**About this exercise:**
Go to the line holding "The image shows" in the data below and repeat it exactly, then each line after it up to and including the one holding "Bigger letters appear". Omit pictures.

*** Opening of Records for the exercise ***

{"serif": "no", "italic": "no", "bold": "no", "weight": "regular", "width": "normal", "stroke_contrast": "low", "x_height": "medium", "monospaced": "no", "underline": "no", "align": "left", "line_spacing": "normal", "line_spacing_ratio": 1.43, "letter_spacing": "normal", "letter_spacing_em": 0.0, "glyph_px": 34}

*** Close of Records for the exercise ***
*** Opening of Records for the exercise ***

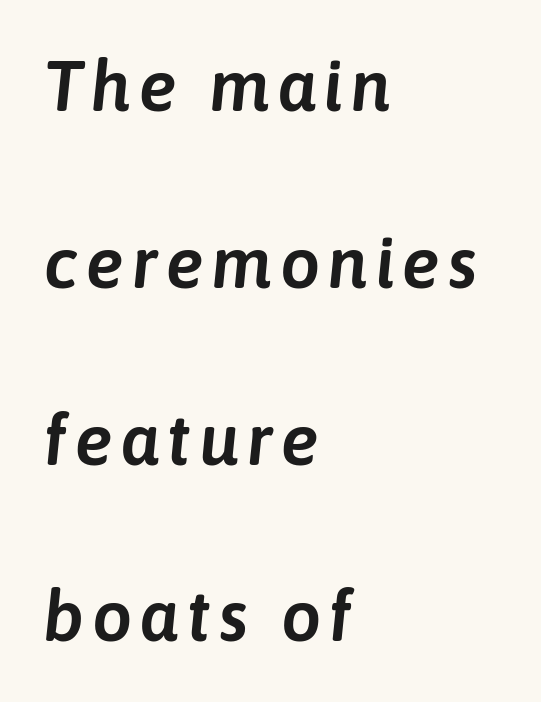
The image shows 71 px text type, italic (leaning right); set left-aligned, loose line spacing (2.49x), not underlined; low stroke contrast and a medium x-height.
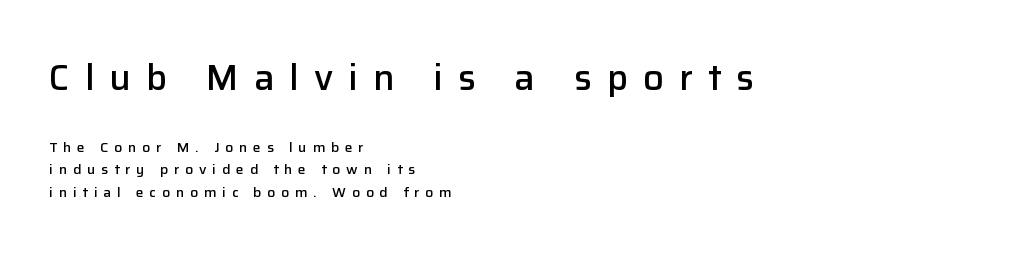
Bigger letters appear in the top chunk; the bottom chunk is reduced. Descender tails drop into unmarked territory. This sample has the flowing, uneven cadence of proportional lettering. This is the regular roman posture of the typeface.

*** Close of Records for the exercise ***

**Reply to the exercise:**
The image shows 71 px text type, italic (leaning right); set left-aligned, loose line spacing (2.49x), not underlined; low stroke contrast and a medium x-height.
Bigger letters appear in the top chunk; the bottom chunk is reduced. Descender tails drop into unmarked territory. This sample has the flowing, uneven cadence of proportional lettering. This is the regular roman posture of the typeface.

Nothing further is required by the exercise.